Worth Its Salt

For many food products, salt is indispensable. Imagine the flat flavor of a dill pickle, a cured ham or a potato chip without salt. Try to effectively and economically make an emulsified meat product or a crispy cracker if salt goes missing. While excessive use and subsequent excessive intake have painted this ingredient as nutrition's foe - more about that later - most food technologists consider it a good formulating friend.

Common, or table, salt consists mainly of sodium chloride (NaCl). Food-grade salt has a fairly high purity (most commercial brands contain 99.8% to 99.95% NaCl) that varies depending on its sources and processing, but can contain other substances, especially calcium, magnesium and potassium salts. Manufacturers require a high-purity salt "in any application where the impurities will cause an adverse reaction or detract from the quality of the finished product," says Jim Barron, technical services specialist, Morton International, Inc., Chicago. "Characteristics of high-purity salt are: high sodium chloride, more than 9.93%; low calcium and magnesium, less than 60 ppm; and tight specifications for sediment, less than 1 ppm extraneous matter."

Commercial salt may also contain additives, especially conditioning or free-flow agents, such as sodium hexacyanoferrate (II) decahydrate (also known as sodium ferrocyanide, yellow prussiate of soda or YPS). Although many think most salt contains iodine for fortification purposes, "very little iodized salt is used in food processing in the United States," notes Barron. "Iodized salt in this country is used in the home. In other parts of the world, iodization of salt is mandated for all salt, including salt used for food processing."

Manufacturers make food-grade salt by mining underground deposits, either directly or by dissolving the salt and pumping out a saline solution, or by evaporating sea salt. They then dry the brine through solar or physical, generally vacuum-pan, methods. "Evaporated salt produced domestically is obtained by dissolving underground rock-salt deposits, or redissolving solar salt and thermally evaporating the brine," says George Lutz, quality assurance technical service manager, Cargill Salt, Minneapolis. "If brine treatment is performed, purity levels of 99.95% as sodium chloride and higher can be obtained."

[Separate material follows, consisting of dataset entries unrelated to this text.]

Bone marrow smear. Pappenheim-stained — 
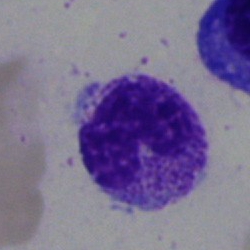

Morphology consistent with a metamyelocyte.
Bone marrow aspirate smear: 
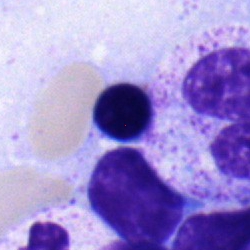
Showing a nucleated red cell.

Today, sea salt has taken on a certain cachet. Many upscale, "gourmet" versions have been naturally evaporated by wind and sun and so contain all of the salts found in seawater, with sodium chloride at approximately 78%. "This does not meet the Food Chemicals Codex standard of 97.5% minimum for solar sodium chloride," Lutz observes. They also contain a high percentage of magnesium salts that impart a bitter taste. "In fact, they are the primary component of 'bitterns,' the salts left behind during solar-salt production of sodium chloride," he continues. "They are also highly deliquescent, drawing moisture readily from the air." However, he notes, the minimum purity of U.S. food-grade sea salt (99.8%) meets Codex criteria for both solar and evaporated sodium chloride (97.5% and 99% respectively).  

Salt crystals typically take a cubic form and are colorless. The crystal size varies when the tiny cubes bind together through ionic bonding of the sodium. And processing can provide specific sizes. These factors result in ingredients that range from a fine, pulverized salt of about 4 microns in diameter, to coarse, rock pretzel salts with a diameter of more than 1,000 microns.

In addition to pulverizing or grinding salt to effect a smaller particle size, salt manufacturers can also physically compact the salt to provide a flake shape. Or, they can use the Grainer evaporation process to form pyramidal, hopper-shaped crystals, often referred to as Alberger salt, that readily break into flakes with an uneven surface that enhances cling and solubility.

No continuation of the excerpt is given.